Stored data:
★ ★ ★ ★ ★ ★ ★

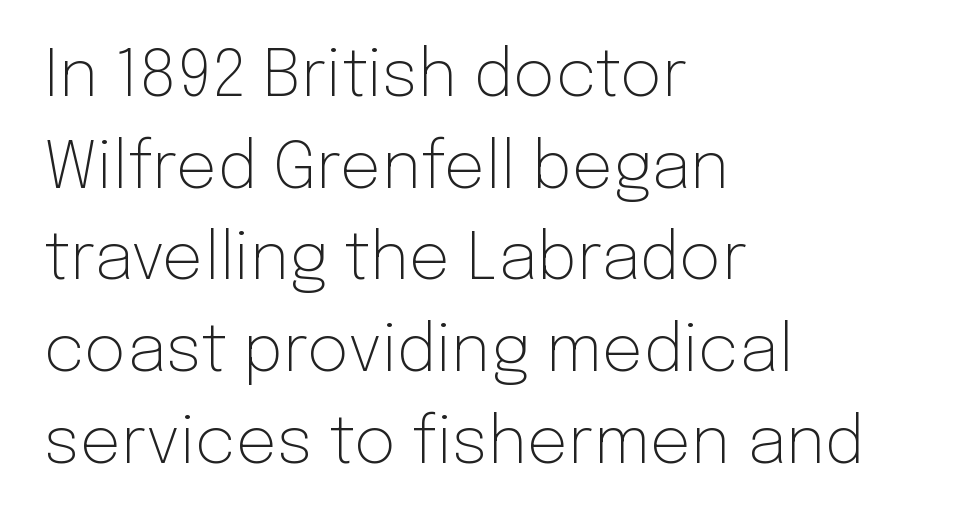
Proportional: the letters do not fall into vertical columns. The typeface has the unassuming heft of standard copy or less. Check under the words: just untouched page. These lines are set flush left with a ragged right edge.
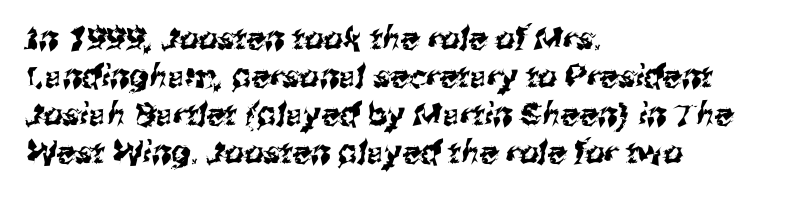
Q: Is the typeface a serif or a sans-serif typeface? A: Sans-serif.
Q: Is the text underlined? A: No.
Q: How is the paragraph aligned? A: Left-aligned.
Q: Is the spacing between letters normal or unusually wide? A: Normal.
Q: Width (condensed, normal, or wide)? A: Normal.
Q: Stroke contrast? A: Medium.
Q: x-height? A: Medium.
Q: Monospaced? A: No.
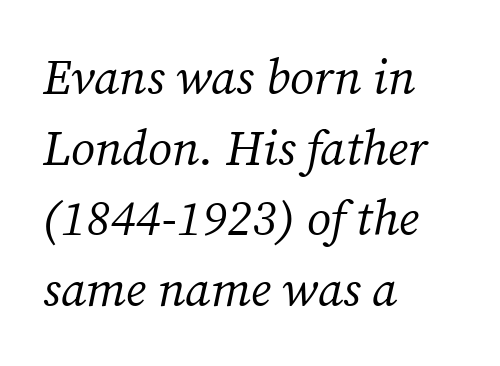
Q: Is the text bold? A: No.
Q: Is the text italic (slanted)? A: Yes, it leans right by about 12 degrees.
Q: Is the typeface a serif or a sans-serif typeface? A: Serif.
Q: Is the text underlined? A: No.
Q: How is the paragraph aligned? A: Left-aligned.
Q: Is the spacing between letters normal or unusually wide? A: Normal.
Q: Is the spacing between lines tight, normal or loose? A: Normal.
Q: Width (condensed, normal, or wide)? A: Normal.
Q: Stroke contrast? A: Medium.
Q: x-height? A: Medium.
Q: Monospaced? A: No.
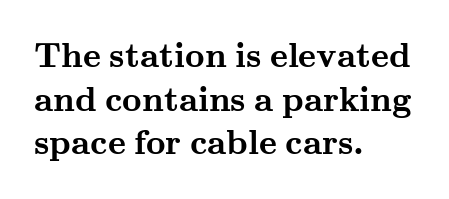
{"serif": "yes", "italic": "no", "bold": "yes", "weight": "semibold", "width": "wide", "stroke_contrast": "medium", "x_height": "small", "monospaced": "no", "underline": "no", "align": "left", "line_spacing": "normal", "line_spacing_ratio": 1.28, "letter_spacing": "normal", "letter_spacing_em": 0.0, "glyph_px": 34}
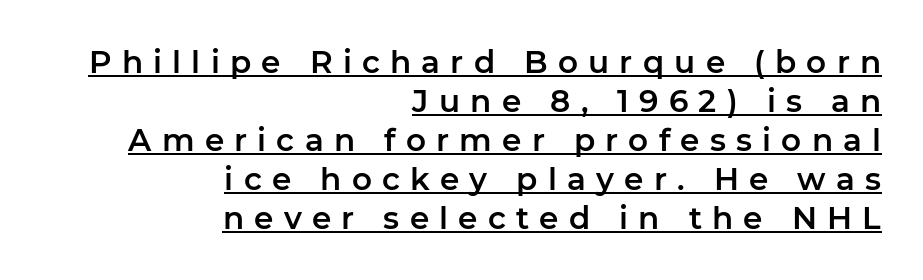
This block has exactly the height ordinary leading produces. How are the letters spaced? Widely, with obvious added tracking. The rendering uses natural spacing where letterforms have individual widths. Quick note: underline on. Stroke terminals: plain, sans-serif. Upright lettering throughout.
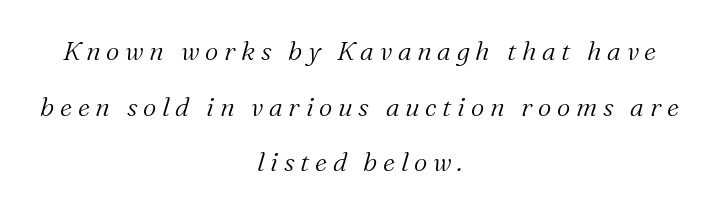
{"italic": "yes", "lean": "right", "slant_degrees": 16, "bold": "no", "underline": "no", "align": "center", "line_spacing": "loose", "line_spacing_ratio": 2.14, "letter_spacing": "wide", "letter_spacing_em": 0.22, "glyph_px": 26}
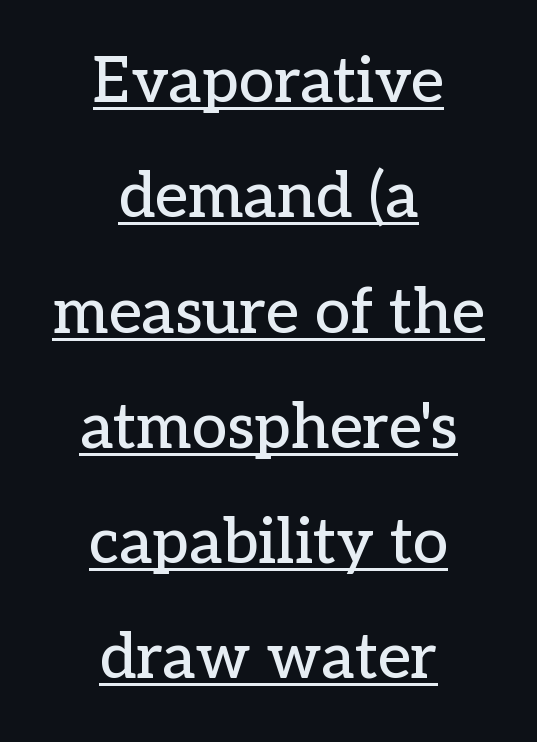
The image shows 63 px serif type, upright; set centered, line spacing 1.83x, normal letter spacing, underlined; low stroke contrast and a medium x-height.
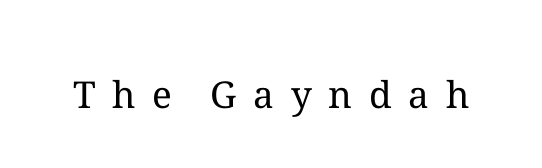
Q: Is the text bold? A: No.
Q: Is the text italic (slanted)? A: No, it is upright.
Q: Is the text underlined? A: No.
Q: Is the spacing between letters normal or unusually wide? A: Unusually wide.
Q: Width (condensed, normal, or wide)? A: Normal.
Q: Stroke contrast? A: Medium.
Q: x-height? A: Medium.
Q: Monospaced? A: No.
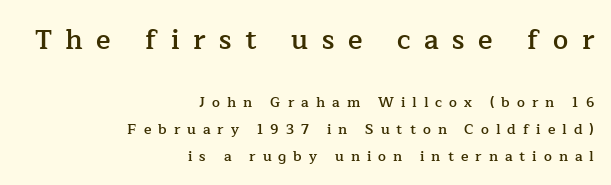
This rendering widens character spacing well past its baseline value. The letters are semibold — heavier than regular but short of a full bold. Students, observe: this is what heavily led, spacious text looks like. Which margin do the lines hug? The right one — the left edge is uneven.
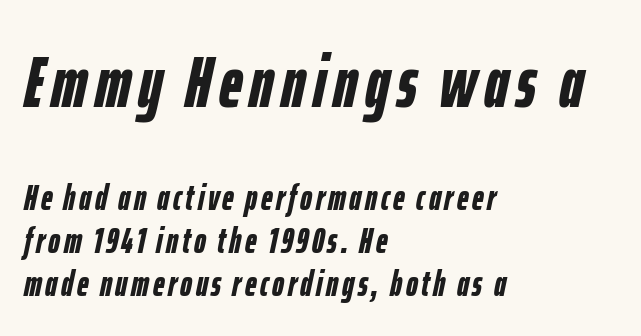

★ ★ ★ ★ ★ ★ ★

EXERCISE: Going through the records, work out how many lines contain the word "between". Please answer with the number only.

OUTPUT OF THE EXERCISE: 4